事業内容や経営者、企業の魅力をひと目でつかむ
ひとめ診断
この会社ってなに?
毎朝の忙しい時間、スキンケアに時間をかけられないと感じたことはありませんか?新日本製薬の主力商品「パーフェクトワン」は、化粧水、乳液、クリームなどの役割を一つにまとめたオールインワン美容液ジェルです。あなたのお母さんや祖母の化粧台、またはドラッグストアの店頭で、紫色の特徴的なパッケージを見たことがあるかもしれません。この「時短でも本格ケア」を叶える化粧品で多くの女性の支持を集めているのが、新日本製薬という会社です。

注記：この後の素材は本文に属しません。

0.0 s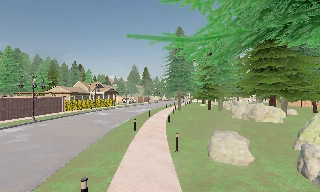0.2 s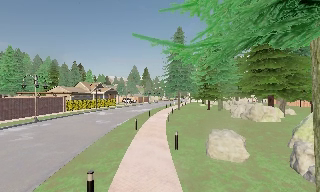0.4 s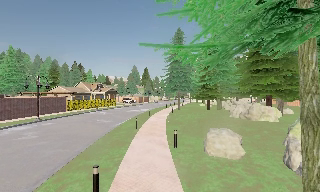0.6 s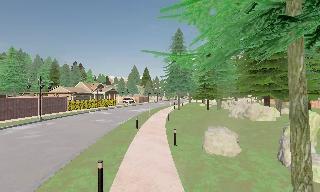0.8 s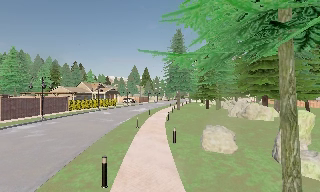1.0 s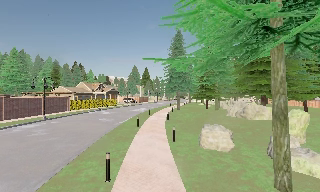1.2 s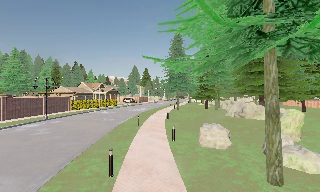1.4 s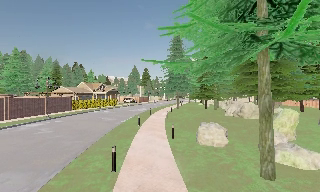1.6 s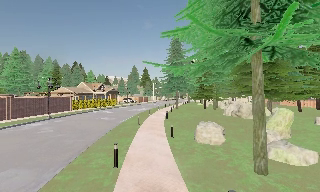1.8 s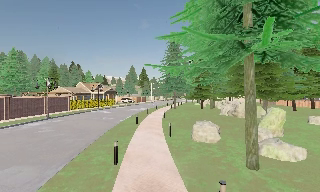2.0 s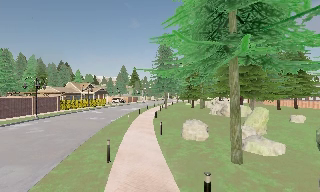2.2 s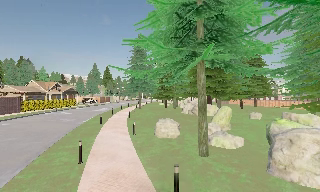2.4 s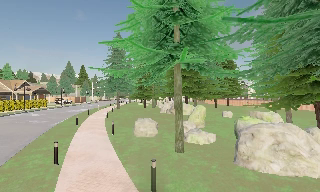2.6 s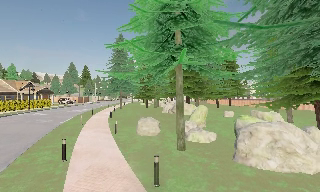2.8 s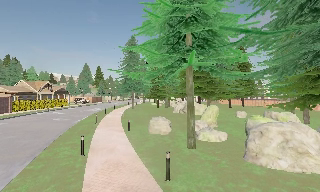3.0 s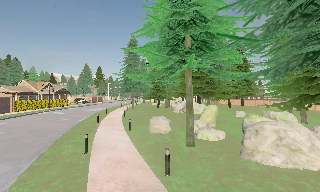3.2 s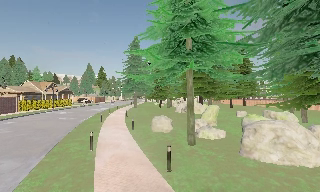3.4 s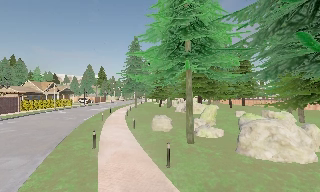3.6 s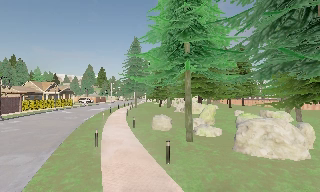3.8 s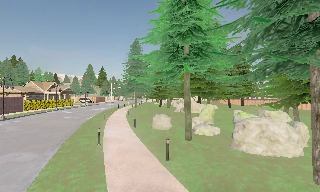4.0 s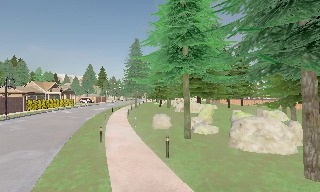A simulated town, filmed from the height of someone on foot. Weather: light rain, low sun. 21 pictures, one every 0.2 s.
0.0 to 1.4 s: The camera travels backward, about 2 m, so what stands in front gets smaller.
1.4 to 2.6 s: The camera pans to its right, which is clockwise from overhead, by about 20 degrees. It travels backward, about 2 m, so what stands in front gets smaller.
2.6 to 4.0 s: The camera travels backward, about 2 m, so what stands in front gets smaller.
The film runs backward here.

福岡を拠点とする化粧品メーカーで、主力のオールインワン美容液ジェル「パーフェクトワン」が事業の中核。2025年9月期の業績は売上高411.4億円、営業利益47.82億円と増収増益基調を維持しています。安定したシニア層向けの通信販売を基盤としつつ、コスメEC「NOIN」との提携で若者世代へのアプローチを強化。株主還元にも積極的で、2025期は前期比7円増の52円配当を予定しており、安定性と成長性を両立させる経営が特徴です。
会社概要
- 業種
- 化学
- 決算期
- 9月
- 本社
- 福岡県福岡市中央区大手門1丁目4番7号
サービスの実績は?
なぜ伸びるの?
売上・利益・成長性の数字から、稼ぐ力を読み解く
稼ぐ力はどのくらい?
| 会計期 | ROE | ROA | 営業利益率 |
|---|---|---|---|
| 2019/09期 | 14.3% | 9.8% | 8.5% |
| 2020/09期 | 15.7% | 11.0% | 9.9% |
| 2021/09期 | 15.2% | 10.7% | 10.1% |
| 2022/09期 | 13.8% | 10.0% | 9.8% |
| 2023/09期 | 12.7% | 9.7% | 10.0% |
| 2024/09期 | 13.5% | 10.6% | 10.4% |
| 2025/09期 | 11.5% | 9.2% | 11.6% |
| 1Q FY2026/9 | 4.7%(累計) | 3.8%(累計) | 14.3% |
同社は効率的な販促管理を通じて10%前後の営業利益率を安定的に維持しており、高い収益性を誇ります。ROE(自己資本利益率)は11%から14%台で推移し、株主から預かった資本を効果的に活用できていることを示しています。高付加価値な化粧品・ヘルスケア製品のブランド力を背景に、市場環境が変化する中でも収益を創出し続ける強固な構造を構築しました。
儲かってるの?
| 会計期 | 売上高 | 営業利益 | 当期純利益 | EPS | YoY |
|---|---|---|---|---|---|
| 2021/09期 | 339億円 | 34.2億円 | 23.2億円 | 107.5円 | +0.5% |
| 2022/09期 | 361億円 | 35.2億円 | 23.6億円 | 109.9円 | +6.5% |
| 2023/09期 | 377億円 | 37.5億円 | 23.9億円 | 111.4円 | +4.3% |
| 2024/09期 | 400億円 | 41.8億円 | 27.9億円 | 129.7円 | +6.3% |
| 2025/09期 | 411億円 | 47.8億円 | 25.5億円 | 120.5円 | +2.7% |
新日本製薬は、主力ブランド『パーフェクトワン』の堅調な販売により、売上高が2021/03期の約339億円から2025/03期には約411億円まで着実に成長しています。営業利益も効率的なマーケティング施策の功を奏し、2026/03期期には50億円を見込むなど、過去最高水準を更新し続ける見通しです。消費者のウェルネス需要を捉えた商品展開が、安定した業績拡大の原動力となっています。 【1Q 2026/09期実績】売上106億円(通期予想比24%)、営業利益15億円(同30%)、純利益11億円(同31%)。
業績の推移
売上高(青)と営業利益(緑)の年度別の伸び。バーが右肩上がりなら成長中。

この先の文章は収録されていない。